6:30 - Pizza and Networking
7:00 - Announcements
7:05 - Dan Murphy - Bedford's Law
7:30 - Mac Roach - Using R and Alteryx to Project Polling Results to Small Geographic Areas
8:05 - Pete Mohanty - Presidential Forecasting with bigKRLS
Sara Silverstein of Business Insider describes Benford's Law (http://www.businessinsider.com/benfords-law-used-detect-fraud-math-forensic-accountants-2016-2) and goes on to show how Apple's financials over the last 10 years fulfilled that law. She suggests that Benford's Law has a place in the toolbox of a financial forensic. Ms. Silverstein also posits an explanation for why the law works, and investigates that theory with randomly generated calculations. In a post on my blog (www.triKnowBits.com (http://www.triknowbits.com/)) I duplicated Ms. Silverstein's random number results using R. That did not convince lay folk (like my wife, a financial expert) in the veracity of Benford's Law. So I subsequently evaluated four different financial records from the insurance space, and the law held to varying degrees. I will describe my results and show some of the R code if time permits.
Using R and Alteryx to Project Polling Results to Small Geographic Areas
Election polling generally provides a useful means of predicting voter behavior nationally and at the state level. However, due to limited sample sizes and the cost associated with polling, understanding and predicting voter behavior at a “hyper local” level is not generally done – but this information would be invaluable for better focusing grassroots campaign activities such as door-to-door canvasing, get out the vote efforts , and yard signs and other outdoor media. In this work we set out to develop a model to make election predictions at a very localized level. Our solution to the problem accomplishes this in two parts: the first is the creation of a predictive model of voter choice based on both local area factors (such as county level Partisan Voting Index values) as well as individual demographic/socioeconomic characteristics, and the second is estimating the number of individuals that fall into specific demographic/socioeconomic profiles within each small geographic unit.

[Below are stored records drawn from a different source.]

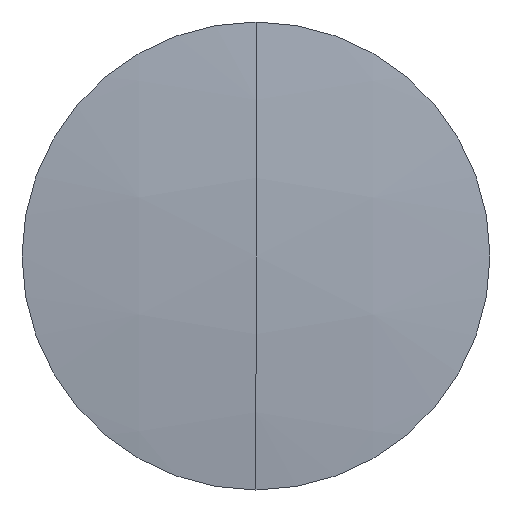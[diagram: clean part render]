
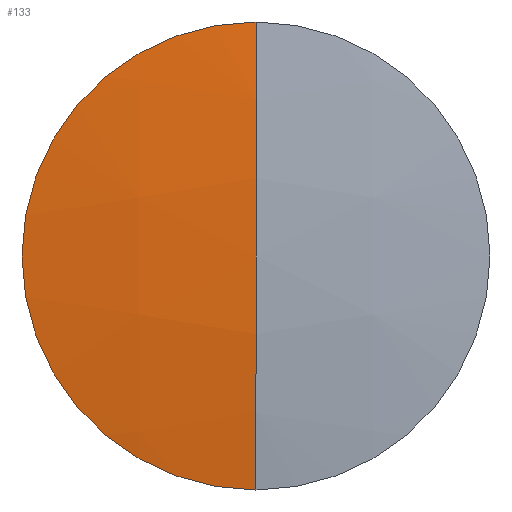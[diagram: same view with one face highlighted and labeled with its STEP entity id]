
A CAD part, left-side view. The second image highlights one B-rep face of the part: STEP entity #133.
In plain terms, the highlighted spherical face has radius 154.612 mm.
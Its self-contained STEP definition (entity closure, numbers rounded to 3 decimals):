
#16 = CIRCLE ( 'NONE', #282, 20. ) ;
#24 = CARTESIAN_POINT ( 'NONE',  ( 290.03, 0., -20. ) ) ;
#29 = VERTEX_POINT ( 'NONE', #344 ) ;
#39 = CIRCLE ( 'NONE', #76, 154.612 ) ;
#76 = AXIS2_PLACEMENT_3D ( 'NONE', #246, #297, #155 ) ;
#86 = CARTESIAN_POINT ( 'NONE',  ( 288.731, 0., 0. ) ) ;
#89 = DIRECTION ( 'NONE',  ( 0., 0., 1. ) ) ;
#105 = ORIENTED_EDGE ( 'NONE', *, *, #150, .T. ) ;
#122 = SPHERICAL_SURFACE ( 'NONE', #137, 154.612 ) ;
#133 = ADVANCED_FACE ( 'NONE', ( #142 ), #122, .T. ) ;
#137 = AXIS2_PLACEMENT_3D ( 'NONE', #320, #211, #251 ) ;
#140 = CARTESIAN_POINT ( 'NONE',  ( 290.03, 0., 0. ) ) ;
#142 = FACE_OUTER_BOUND ( 'NONE', #235, .T. ) ;
#143 = DIRECTION ( 'NONE',  ( 0., -1., 0. ) ) ;
#147 = EDGE_CURVE ( 'NONE', #29, #202, #16, .T. ) ;
#150 = EDGE_CURVE ( 'NONE', #202, #281, #39, .T. ) ;
#155 = DIRECTION ( 'NONE',  ( 0., 0., 1. ) ) ;
#168 = ORIENTED_EDGE ( 'NONE', *, *, #147, .T. ) ;
#202 = VERTEX_POINT ( 'NONE', #24 ) ;
#211 = DIRECTION ( 'NONE',  ( 0., 1., 0. ) ) ;
#213 = DIRECTION ( 'NONE',  ( 0., 0., -1. ) ) ;
#222 = CIRCLE ( 'NONE', #315, 154.612 ) ;
#235 = EDGE_LOOP ( 'NONE', ( #168, #105, #261 ) ) ;
#242 = CARTESIAN_POINT ( 'NONE',  ( 443.343, 0., 0. ) ) ;
#246 = CARTESIAN_POINT ( 'NONE',  ( 443.343, 0., 0. ) ) ;
#251 = DIRECTION ( 'NONE',  ( 0., 0., 1. ) ) ;
#259 = EDGE_CURVE ( 'NONE', #29, #281, #222, .T. ) ;
#261 = ORIENTED_EDGE ( 'NONE', *, *, #259, .F. ) ;
#281 = VERTEX_POINT ( 'NONE', #86 ) ;
#282 = AXIS2_PLACEMENT_3D ( 'NONE', #140, #295, #89 ) ;
#295 = DIRECTION ( 'NONE',  ( -1., 0., 0. ) ) ;
#297 = DIRECTION ( 'NONE',  ( 0., 1., 0. ) ) ;
#315 = AXIS2_PLACEMENT_3D ( 'NONE', #242, #143, #213 ) ;
#320 = CARTESIAN_POINT ( 'NONE',  ( 443.343, 0., 0. ) ) ;
#344 = CARTESIAN_POINT ( 'NONE',  ( 290.03, 0., 20. ) ) ;
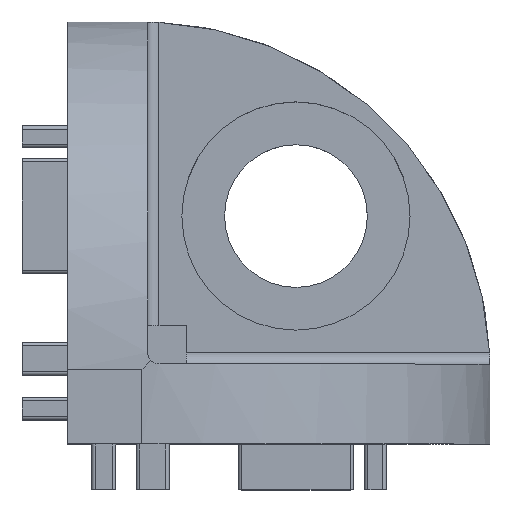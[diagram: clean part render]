
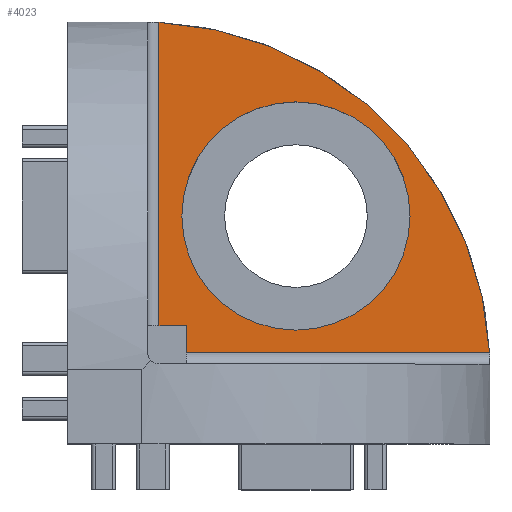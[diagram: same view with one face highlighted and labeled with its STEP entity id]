
A CAD part, top view. The second image highlights one B-rep face of the part: STEP entity #4023.
In plain terms, the highlighted planar face has unit normal (0, 0, 1).
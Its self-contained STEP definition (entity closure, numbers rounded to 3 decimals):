
#132=FACE_BOUND('',#383,.T.);
#154=FACE_OUTER_BOUND('',#382,.T.);
#382=EDGE_LOOP('',(#2799,#2800,#2801,#2802,#2803));
#383=EDGE_LOOP('',(#2804));
#667=CIRCLE('',#4322,30.5);
#668=CIRCLE('',#4323,10.);
#887=LINE('',#6213,#1295);
#888=LINE('',#6215,#1296);
#889=LINE('',#6219,#1297);
#890=LINE('',#6220,#1298);
#1295=VECTOR('',#4882,1000.);
#1296=VECTOR('',#4883,1000.);
#1297=VECTOR('',#4886,1000.);
#1298=VECTOR('',#4887,1000.);
#1747=VERTEX_POINT('',#6211);
#1748=VERTEX_POINT('',#6212);
#1749=VERTEX_POINT('',#6214);
#1750=VERTEX_POINT('',#6216);
#1751=VERTEX_POINT('',#6218);
#1752=VERTEX_POINT('',#6221);
#2170=EDGE_CURVE('',#1747,#1748,#887,.T.);
#2171=EDGE_CURVE('',#1747,#1749,#888,.T.);
#2172=EDGE_CURVE('',#1750,#1749,#667,.T.);
#2173=EDGE_CURVE('',#1751,#1750,#889,.T.);
#2174=EDGE_CURVE('',#1751,#1748,#890,.T.);
#2175=EDGE_CURVE('',#1752,#1752,#668,.T.);
#2799=ORIENTED_EDGE('',*,*,#2170,.F.);
#2800=ORIENTED_EDGE('',*,*,#2171,.T.);
#2801=ORIENTED_EDGE('',*,*,#2172,.F.);
#2802=ORIENTED_EDGE('',*,*,#2173,.F.);
#2803=ORIENTED_EDGE('',*,*,#2174,.T.);
#2804=ORIENTED_EDGE('',*,*,#2175,.T.);
#3902=PLANE('',#4321);
#4023=ADVANCED_FACE('',(#154,#132),#3902,.F.);
#4321=AXIS2_PLACEMENT_3D('',#6210,#4880,#4881);
#4322=AXIS2_PLACEMENT_3D('',#6217,#4884,#4885);
#4323=AXIS2_PLACEMENT_3D('',#6222,#4888,#4889);
#4880=DIRECTION('center_axis',(0.,0.,-1.));
#4881=DIRECTION('ref_axis',(-1.,0.,0.));
#4882=DIRECTION('',(0.,1.,0.));
#4883=DIRECTION('',(1.,0.,0.));
#4884=DIRECTION('center_axis',(0.,0.,-1.));
#4885=DIRECTION('ref_axis',(-1.,0.,0.));
#4886=DIRECTION('',(0.,1.,0.));
#4887=DIRECTION('',(1.,0.,0.));
#4888=DIRECTION('center_axis',(0.,0.,-1.));
#4889=DIRECTION('ref_axis',(-1.,0.,0.));
#6210=CARTESIAN_POINT('Origin',(8.,8.,7.));
#6211=CARTESIAN_POINT('',(10.4,8.,7.));
#6212=CARTESIAN_POINT('',(10.4,10.4,7.));
#6213=CARTESIAN_POINT('',(10.4,8.,7.));
#6214=CARTESIAN_POINT('',(36.963,8.,7.));
#6215=CARTESIAN_POINT('',(8.,8.,7.));
#6216=CARTESIAN_POINT('',(8.,36.963,7.));
#6217=CARTESIAN_POINT('Origin',(6.5,6.5,7.));
#6218=CARTESIAN_POINT('',(8.,10.4,7.));
#6219=CARTESIAN_POINT('',(8.,8.,7.));
#6220=CARTESIAN_POINT('',(8.,10.4,7.));
#6221=CARTESIAN_POINT('',(30.,20.,7.));
#6222=CARTESIAN_POINT('Origin',(20.,20.,7.));
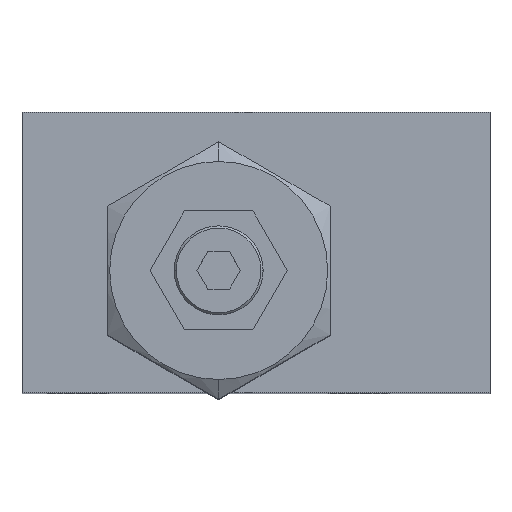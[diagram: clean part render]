
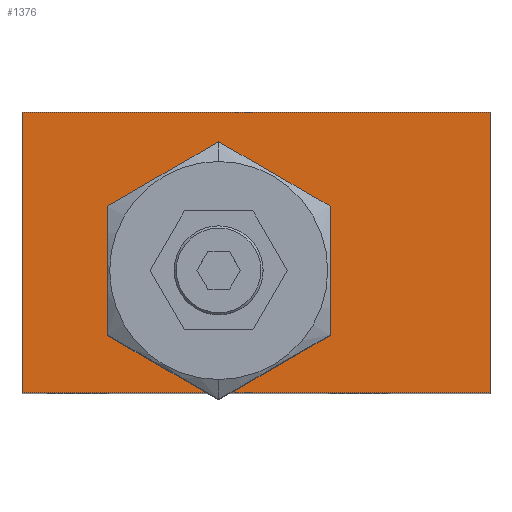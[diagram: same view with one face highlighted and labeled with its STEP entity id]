
A CAD part, top view. The second image highlights one B-rep face of the part: STEP entity #1376.
In plain terms, the highlighted planar face has unit normal (0, 0, 1).
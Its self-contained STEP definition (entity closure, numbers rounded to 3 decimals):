
#205=DIRECTION('',(0.,-1.,0.));
#206=VECTOR('',#205,29.997);
#207=CARTESIAN_POINT('',(-21.006,16.993,49.987));
#208=LINE('',#207,#206);
#209=DIRECTION('',(-1.,0.,0.));
#210=VECTOR('',#209,49.987);
#211=CARTESIAN_POINT('',(28.981,16.993,49.987));
#212=LINE('',#211,#210);
#213=DIRECTION('',(0.,1.,0.));
#214=VECTOR('',#213,29.997);
#215=CARTESIAN_POINT('',(28.981,-13.005,49.987));
#216=LINE('',#215,#214);
#217=DIRECTION('',(1.,0.,0.));
#218=VECTOR('',#217,49.987);
#219=CARTESIAN_POINT('',(-21.006,-13.005,49.987));
#220=LINE('',#219,#218);
#221=CARTESIAN_POINT('',(0.,0.,49.987));
#222=DIRECTION('',(0.,0.,1.));
#223=DIRECTION('',(-1.,0.,0.));
#224=AXIS2_PLACEMENT_3D('',#221,#222,#223);
#226=CARTESIAN_POINT('',(0.,0.,49.987));
#227=DIRECTION('',(0.,0.,1.));
#228=DIRECTION('',(1.,0.,0.));
#229=AXIS2_PLACEMENT_3D('',#226,#227,#228);
#1079=CARTESIAN_POINT('',(-21.006,16.993,49.987));
#1080=CARTESIAN_POINT('',(-21.006,-13.005,49.987));
#1081=VERTEX_POINT('',#1079);
#1082=VERTEX_POINT('',#1080);
#1083=CARTESIAN_POINT('',(28.981,-13.005,49.987));
#1084=VERTEX_POINT('',#1083);
#1085=CARTESIAN_POINT('',(28.981,16.993,49.987));
#1086=VERTEX_POINT('',#1085);
#1103=CARTESIAN_POINT('',(-11.659,0.,49.987));
#1104=CARTESIAN_POINT('',(11.659,0.,49.987));
#1105=VERTEX_POINT('',#1103);
#1106=VERTEX_POINT('',#1104);
#1359=CARTESIAN_POINT('',(0.,0.,49.987));
#1360=DIRECTION('',(0.,0.,1.));
#1361=DIRECTION('',(1.,0.,0.));
#1362=AXIS2_PLACEMENT_3D('',#1359,#1360,#1361);
#1363=PLANE('',#1362);
#1364=ORIENTED_EDGE('',*,*,#1281,.F.);
#1365=ORIENTED_EDGE('',*,*,#1296,.F.);
#1366=ORIENTED_EDGE('',*,*,#1322,.F.);
#1367=ORIENTED_EDGE('',*,*,#1341,.F.);
#1368=EDGE_LOOP('',(#1364,#1365,#1366,#1367));
#1369=FACE_OUTER_BOUND('',#1368,.F.);
#1371=ORIENTED_EDGE('',*,*,#1370,.T.);
#1373=ORIENTED_EDGE('',*,*,#1372,.T.);
#1374=EDGE_LOOP('',(#1371,#1373));
#1375=FACE_BOUND('',#1374,.F.);
#225=CIRCLE('',#224,11.659);
#230=CIRCLE('',#229,11.659);
#1281=EDGE_CURVE('',#1081,#1082,#208,.T.);
#1296=EDGE_CURVE('',#1086,#1081,#212,.T.);
#1322=EDGE_CURVE('',#1084,#1086,#216,.T.);
#1341=EDGE_CURVE('',#1082,#1084,#220,.T.);
#1370=EDGE_CURVE('',#1105,#1106,#225,.T.);
#1372=EDGE_CURVE('',#1106,#1105,#230,.T.);
#1376=ADVANCED_FACE('',(#1369,#1375),#1363,.T.);

Our final model predicts voting outcomes at the census tract level (which typically have populations of around 4000 people), the results of which will be available for the public to explore in an interactive web app on the Alteryx Gallery in early October. In this talk we will be looking at the approach and methodologies used to develop these predictions around the upcoming election, which were implemented using a combination of R and Alteryx.
Presidential Forecasting with bigKRLS
Using publicly available data including the American National Election Studies and the Huffington Post R API, we forecast the upcoming election. The data are rich but nonetheless limited; they lack: individual level data about third party challenger, Gary Johnson; post-primary individual data; and identifying information linking claims about voting intentions to public records about actual voter behavior. We attempt to overcome these limits using a mix of Bayesian measurement techniques (available in MCMCpack) and bigKRLS, a machine/statistical learning technique which uses RcppArmadillo for speed and bigmemory to handle memory-intensive out-of-sample predictions.